*TASK INSTRUCTIONS*. Return the data below exactly, please, but drop the pictures.

[Dataset entries]

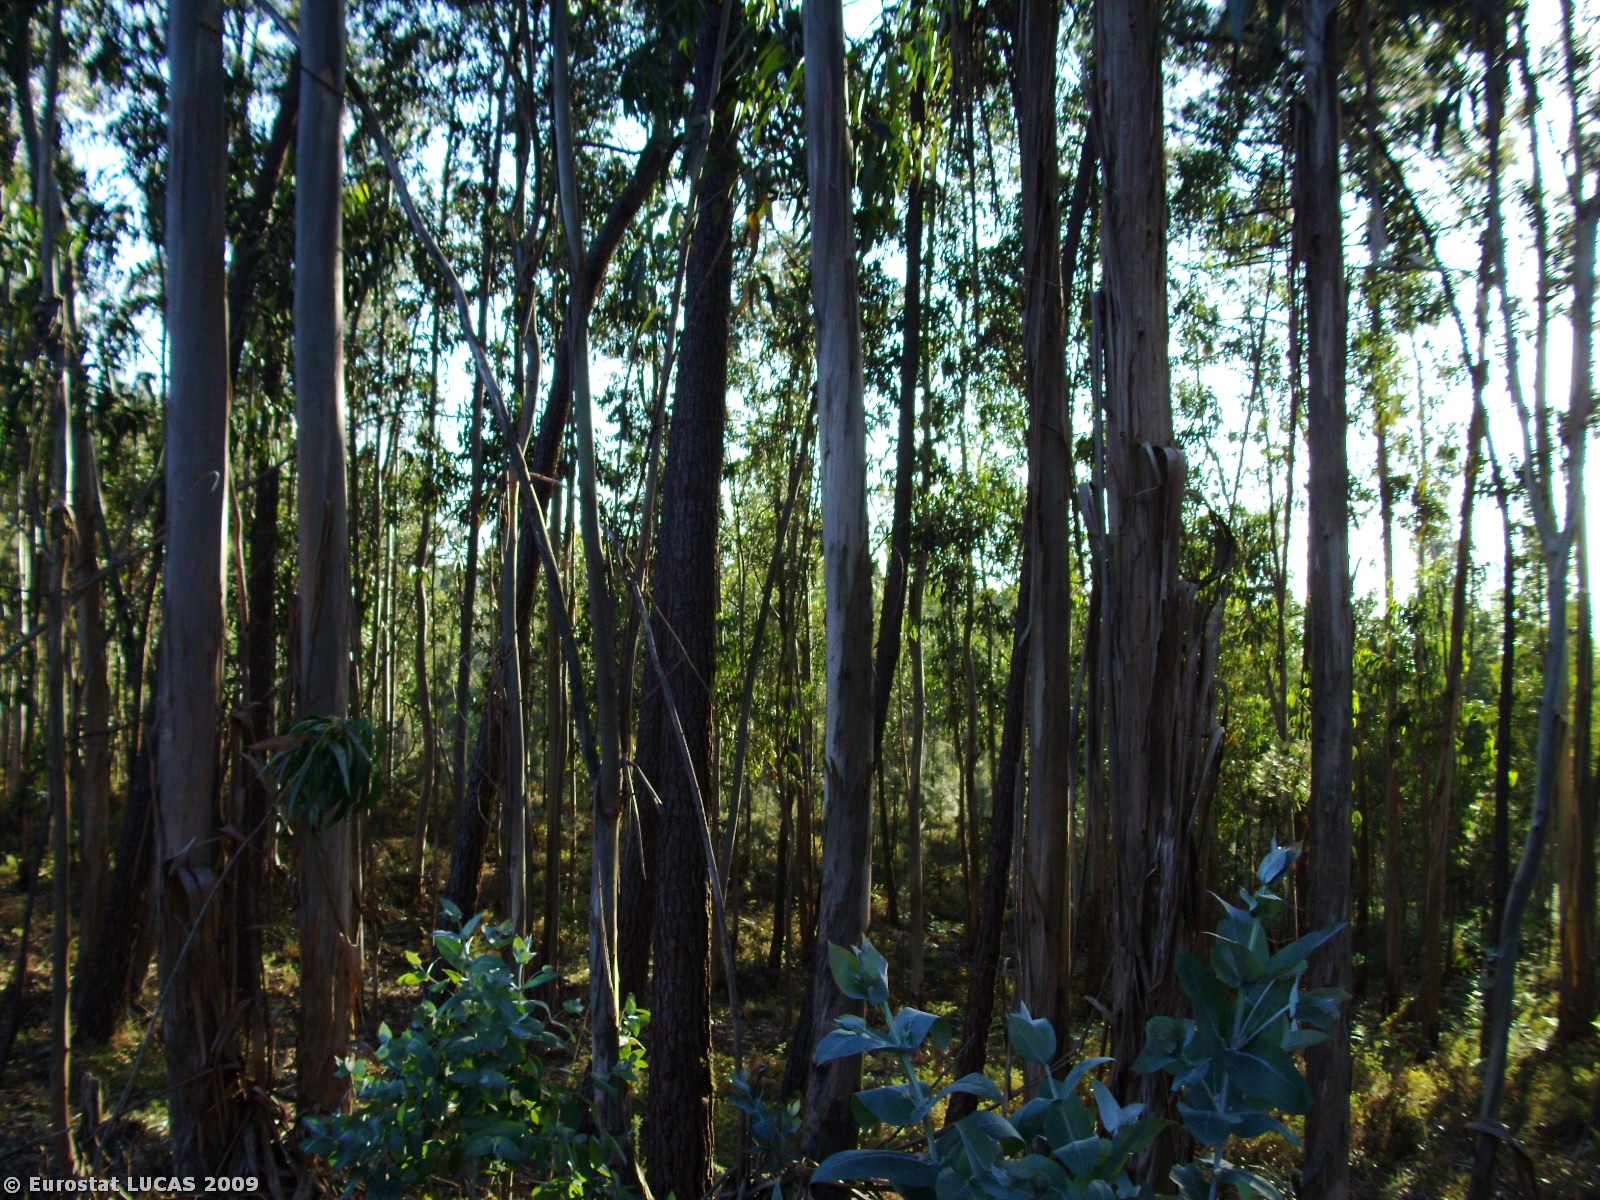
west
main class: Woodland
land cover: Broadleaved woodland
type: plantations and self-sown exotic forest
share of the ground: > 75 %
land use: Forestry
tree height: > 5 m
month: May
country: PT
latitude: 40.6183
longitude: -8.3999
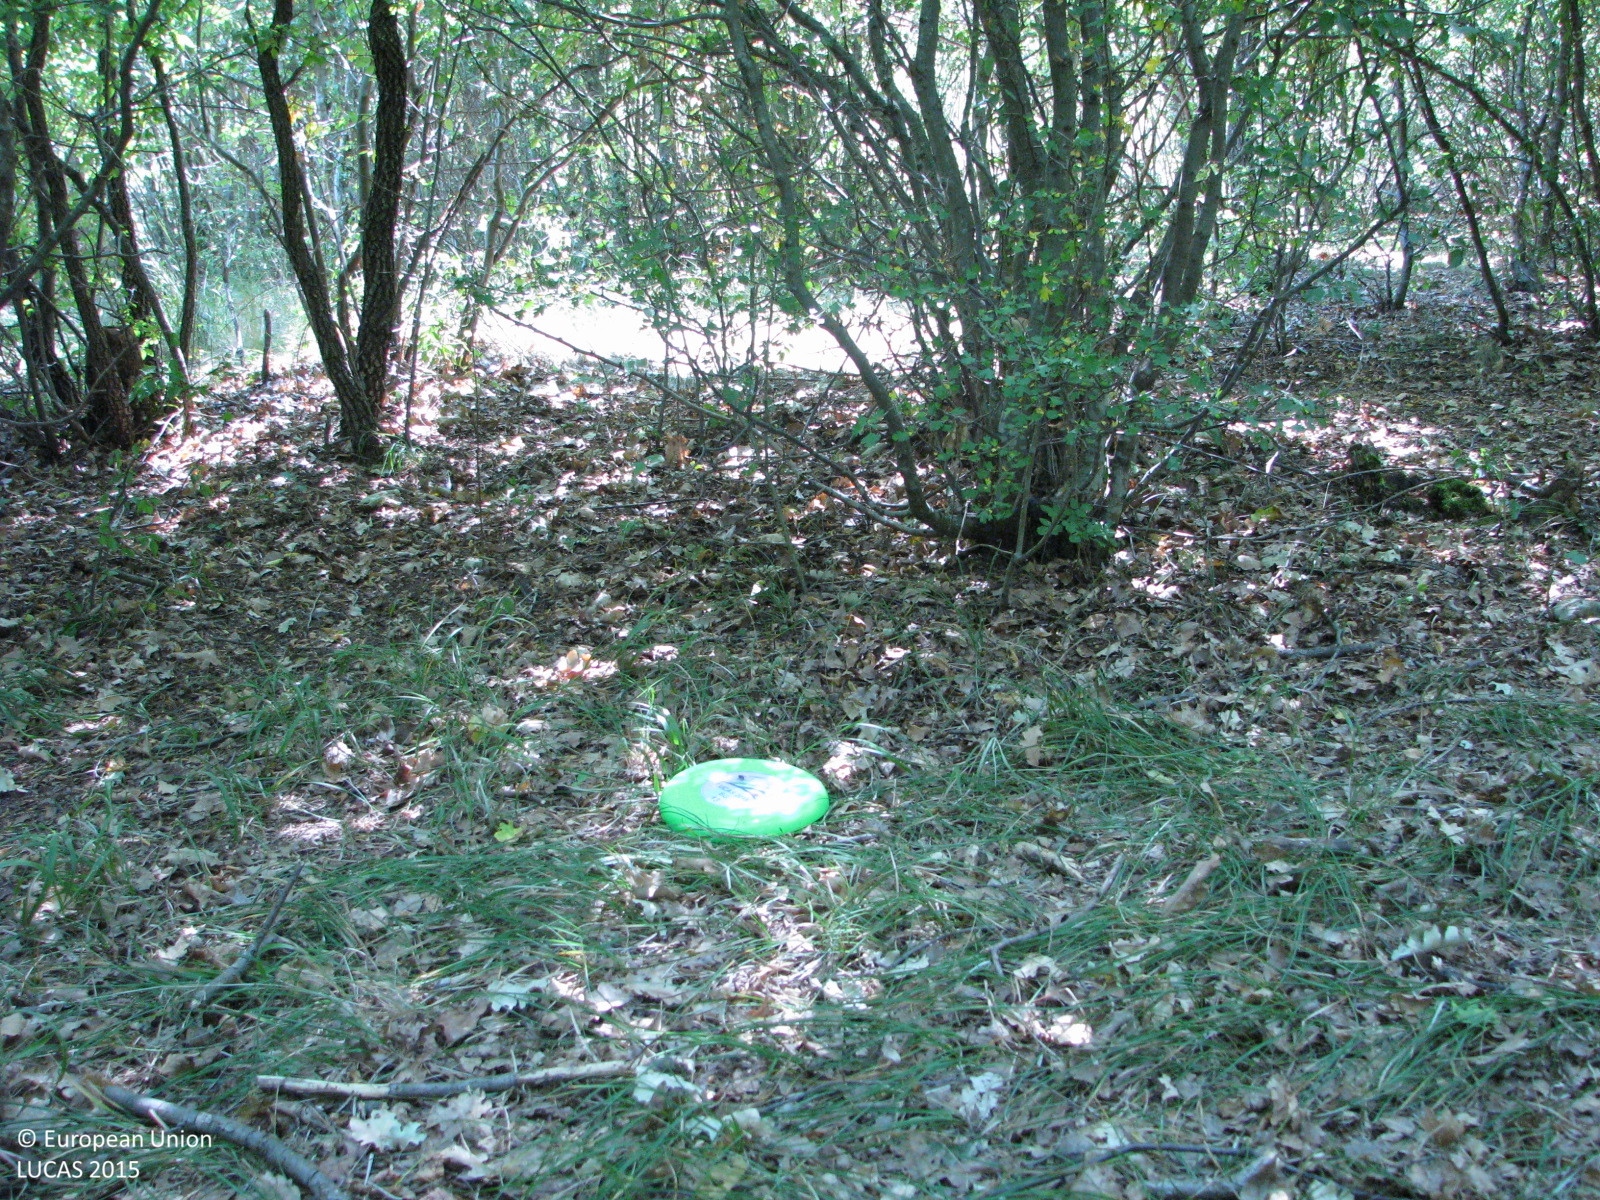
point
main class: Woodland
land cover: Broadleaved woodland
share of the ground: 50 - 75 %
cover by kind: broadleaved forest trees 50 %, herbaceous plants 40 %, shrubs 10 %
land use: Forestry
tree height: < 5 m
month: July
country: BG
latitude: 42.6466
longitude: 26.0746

*SOLUTION TO THIS TASK*.
west
main class: Woodland
land cover: Broadleaved woodland
type: plantations and self-sown exotic forest
share of the ground: > 75 %
land use: Forestry
tree height: > 5 m
month: May
country: PT
latitude: 40.6183
longitude: -8.3999
point
main class: Woodland
land cover: Broadleaved woodland
share of the ground: 50 - 75 %
cover by kind: broadleaved forest trees 50 %, herbaceous plants 40 %, shrubs 10 %
land use: Forestry
tree height: < 5 m
month: July
country: BG
latitude: 42.6466
longitude: 26.0746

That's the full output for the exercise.